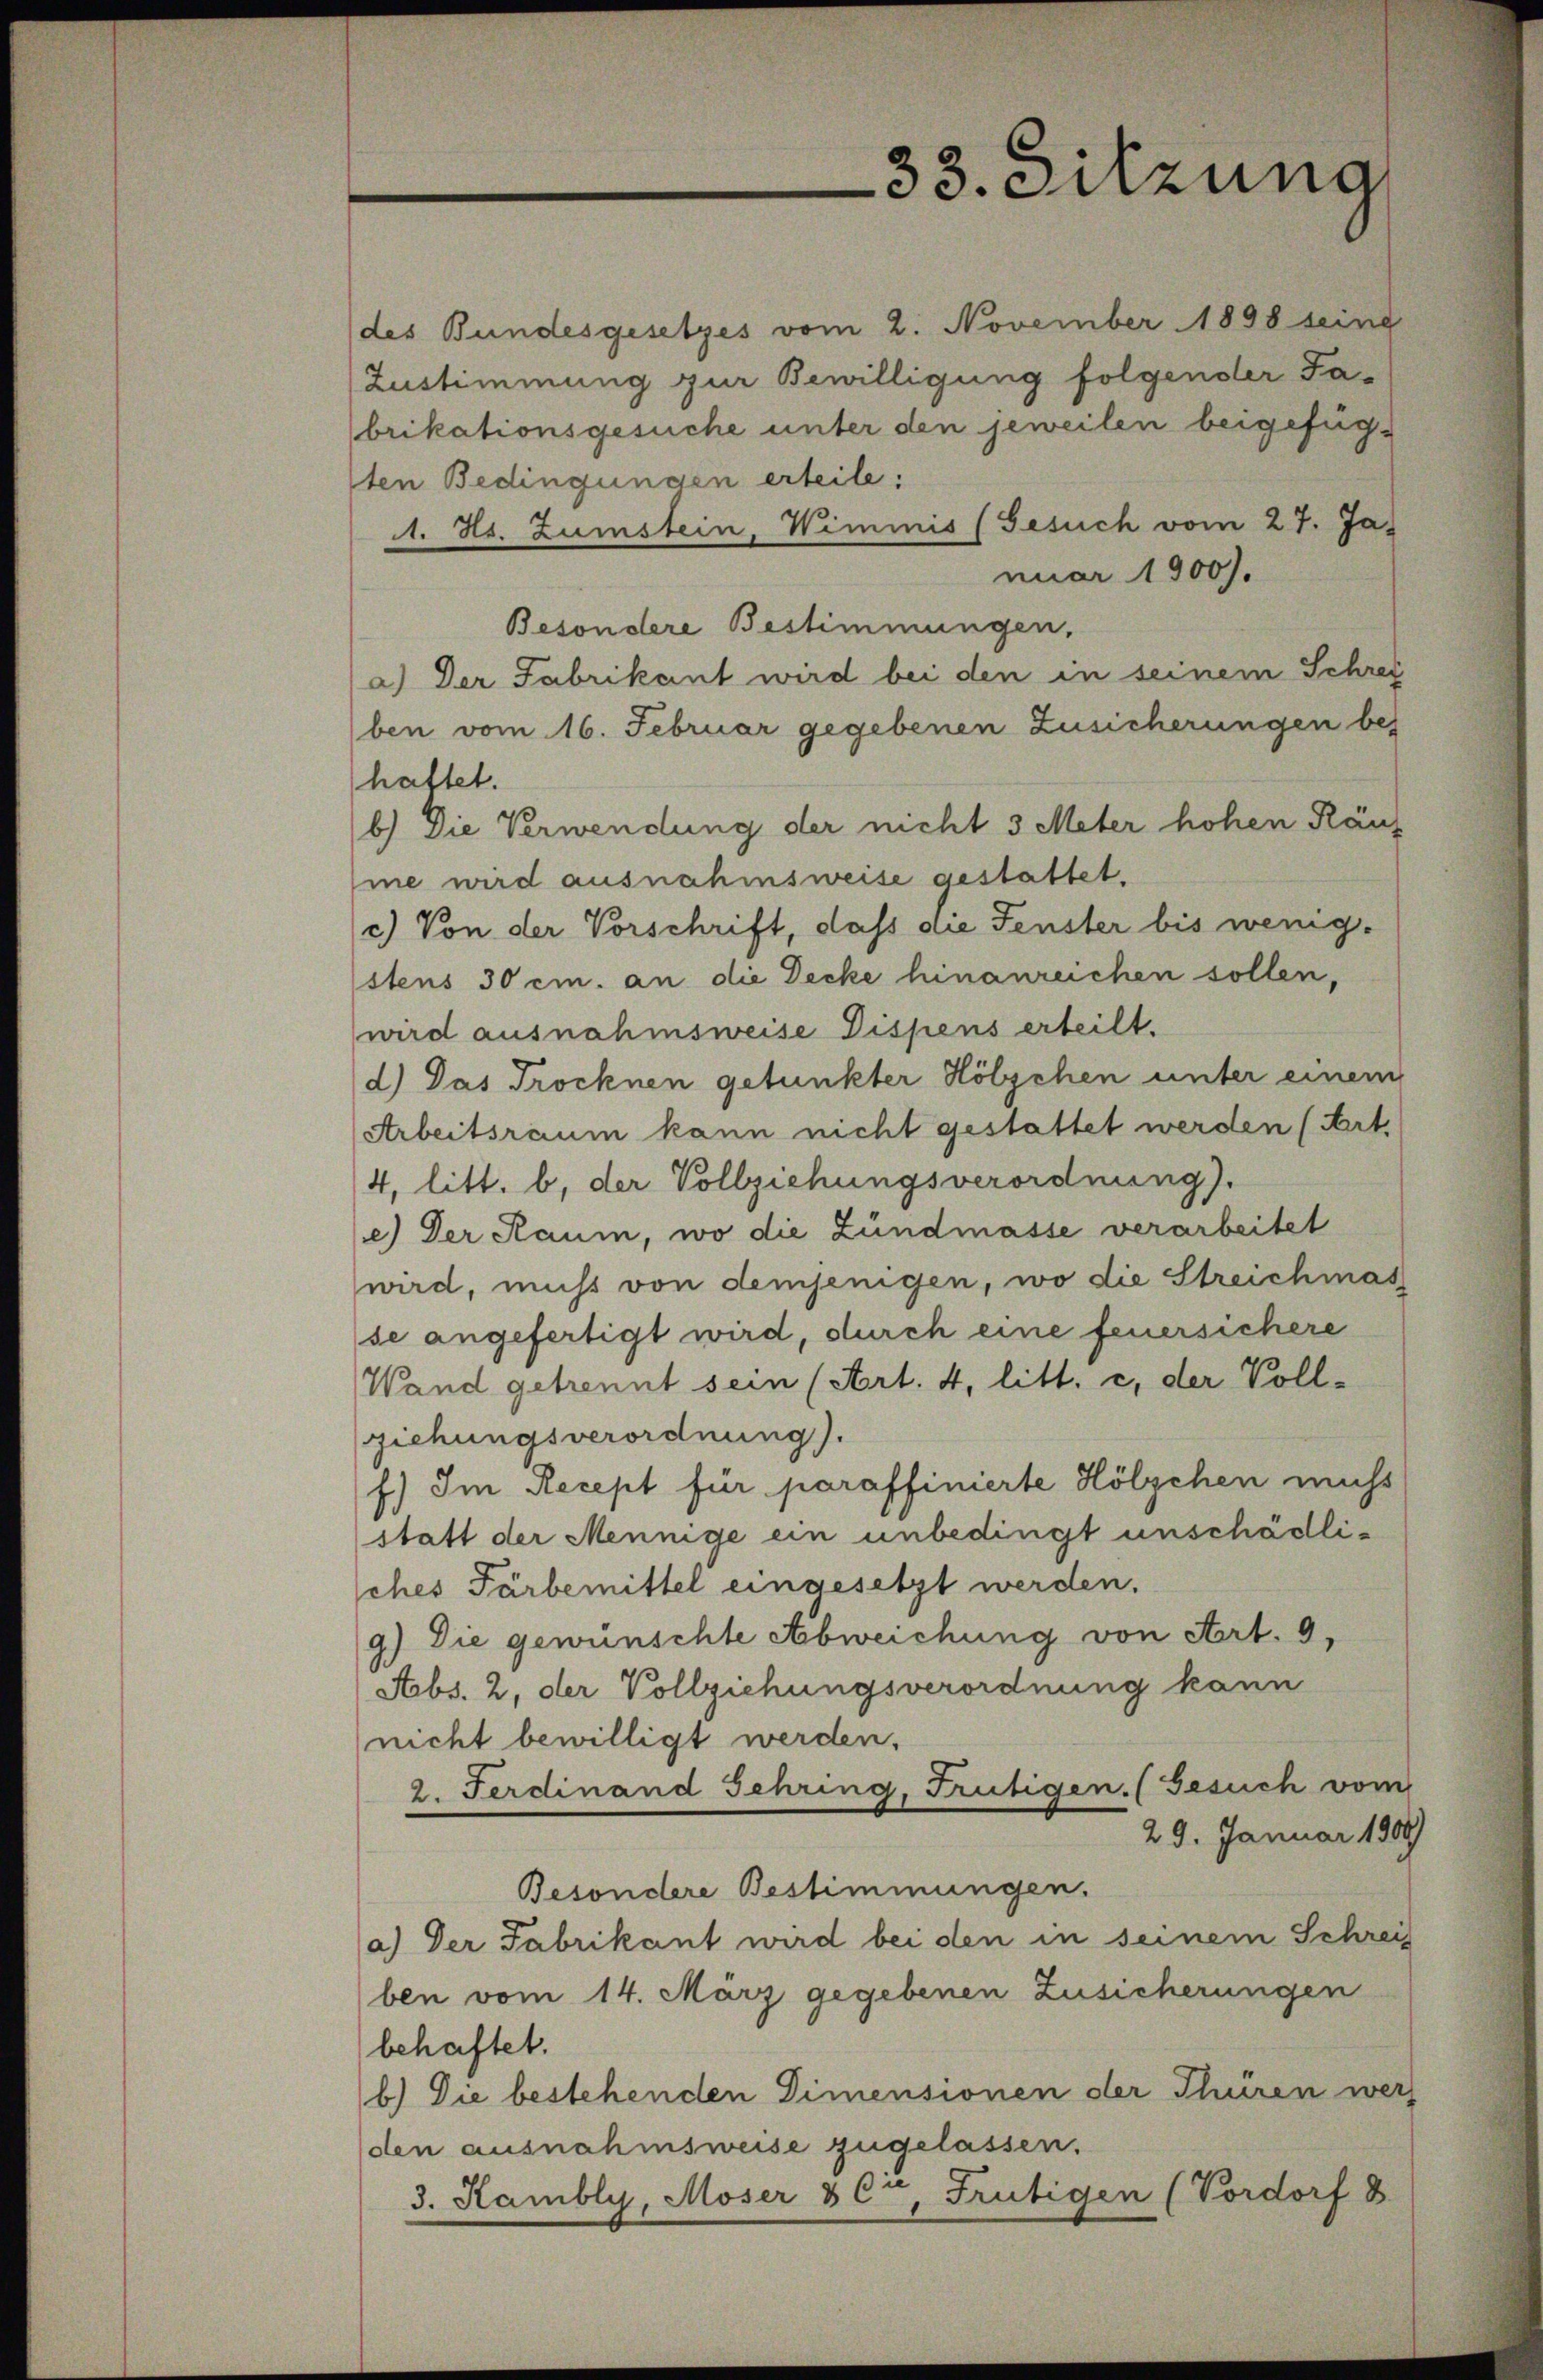
33. Sitzung

des Bundesgesetzes vom 2. November 1898 seine
Zustimmung zur Bewilligung folgender Fabrikationsgesuche unter den jeweilen beigefügten Bedingungen erteile:
A. Hs. Zumstein, Wimmis (Gesuch vom 27. Januar 1900).
Besondere Bestimmungen.
a.) Der Fabrikant wird bei den in seinem Schrei
ben vom 16. Februar gegebenen Zusicherungen bes
hattet.
b.) Die Verwendung der nicht 3 Meter hohen Käuf
me wird ausnahmsweise gestattet.
c.) Von der Vorschrift, dass die Fenster bis wenig-
stens 30 cm. an die Decke hinanreichen sollen,
wird ausnahmsweise Dispens erteilt.
d.) Das Trocknen gefunkter Hölzchen unter einem
Arbeitsraum kann nicht gestattet werden (Art.
4. litt. b, der Vollziehungsverordnung).
e) Der Raum, wo die Zundmasse verarbeitet
wird, muß von demjenigen, wo die Streichmas
se angefertigt wird, durch eine feuersichere
Wand getrennt sein (Art. 4, litt. c, der Voll-
ziehungsverordnung).
f) Im Recept für paraffinierte Hölzchen muss
statt der Mennige ein unbedingt unschädliches Färbemittel eingesetzt werden.
9.) Die gewünschte Abweichung von Art. 9,
Abs. 2, der Vollziehungsverordnung kann
nicht bewilligt werden.
2. Ferdinand Gehring, Frutigen. (Gesuch vom
29. Januar 1808
Besondere Bestimmungen.
a.) Der Fabrikant wird bei den in seinem Schrei
ben vom 14. März gegebenen Zusicherungen
behaftet.
b.) Die bestehenden Dimensionen der Thüren wer
den ausnahmsweise zugelassen.
3. Kambly, Moser & Ct, Frutigen (Vordorf 8
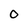
Character: O
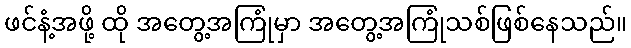
ဖင်နံ့အဖို့ ထို အတွေ့အကြုံမှာ အတွေ့အကြုံသစ်ဖြစ်နေသည်။
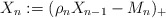
\begin{align*} X_n:=(\rho_n X_{n-1}-M_n)_+ \end{align*}
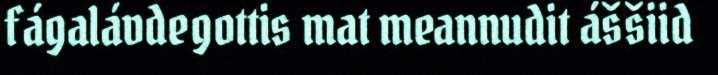
fágalávdegottis mat meannudit áššiid
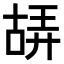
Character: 𠸙
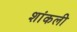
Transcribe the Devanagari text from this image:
शांकली
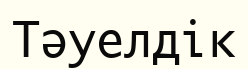
Тәуелдік
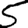
Digit: 5
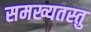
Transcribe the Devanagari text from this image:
समख्यतस्तु
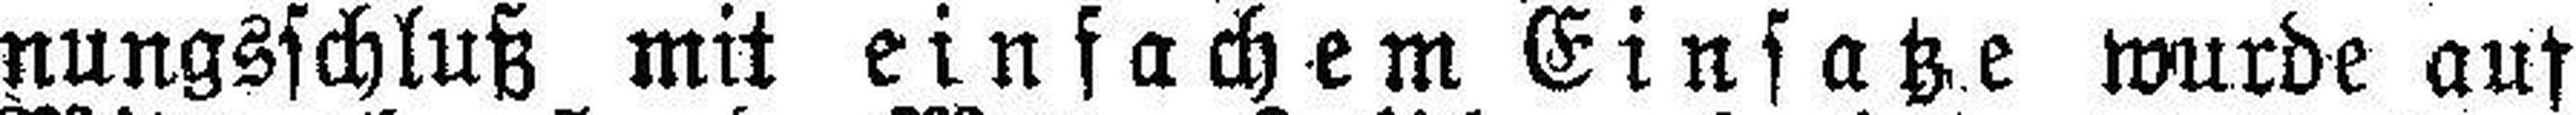
nungsschluß mit einfachem Einsatze wurde auf
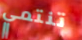
تنتمي
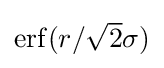
{\textstyle \operatorname {erf} (r/{\sqrt {2}}\sigma )}
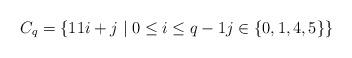
LaTeX: \begin{align*}C_q = \{ 11i+j \mid 0 \leq i \leq q-1 j \in \{0,1,4,5\} \} \end{align*}
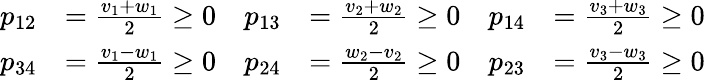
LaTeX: \begin{array}{rlrlrl}{p_{12}}&{=\frac{v_{1}+w_{1}}{2}\geq 0}&{p_{13}}&{=\frac{v_{2}+w_{2}}{2}\geq 0}&{p_{14}}&{=\frac{v_{3}+w_{3}}{2}\geq 0}\\ {p_{34}}&{=\frac{v_{1}-w_{1}}{2}\geq 0}&{p_{24}}&{=\frac{w_{2}-v_{2}}{2}\geq 0}&{p_{23}}&{=\frac{v_{3}-w_{3}}{2}\geq 0}\end{array}
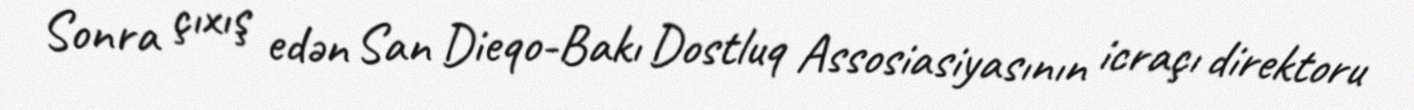
Sonra çıxış edən San Dieqo-Bakı Dostluq Assosiasiyasının icraçı direktoru
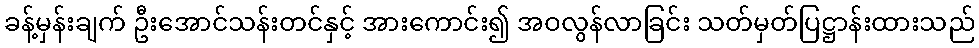
ခန့်မှန်းချက် ဦးအောင်သန်းတင်နှင့် အားကောင်း၍ အဝလွန်လာခြင်း သတ်မှတ်ပြဋ္ဌာန်းထားသည်
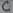
Text: C
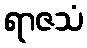
ရာဇသံ
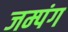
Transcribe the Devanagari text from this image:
जम्पंग
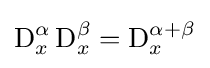
{\textstyle \operatorname {D} _{x}^{\alpha }\operatorname {D} _{x}^{\beta }=\operatorname {D} _{x}^{\alpha +\beta }}

__________

▶ [Exercise objective] Where a picture appears in the records above, omit it, and transcribe exactly the stretch of lines from the one with "Abs. 2, der Vollziehungsverordnung kann" through the one with "fágalávdegottis mat meannudit áššiid".

▶ [Result of this task]
Abs. 2, der Vollziehungsverordnung kann
nicht bewilligt werden.
2. Ferdinand Gehring, Frutigen. (Gesuch vom
29. Januar 1808
Besondere Bestimmungen.
a.) Der Fabrikant wird bei den in seinem Schrei
ben vom 14. März gegebenen Zusicherungen
behaftet.
b.) Die bestehenden Dimensionen der Thüren wer
den ausnahmsweise zugelassen.
3. Kambly, Moser & Ct, Frutigen (Vordorf 8
Character: O
ဖင်နံ့အဖို့ ထို အတွေ့အကြုံမှာ အတွေ့အကြုံသစ်ဖြစ်နေသည်။
\begin{align*} X_n:=(\rho_n X_{n-1}-M_n)_+ \end{align*}
fágalávdegottis mat meannudit áššiid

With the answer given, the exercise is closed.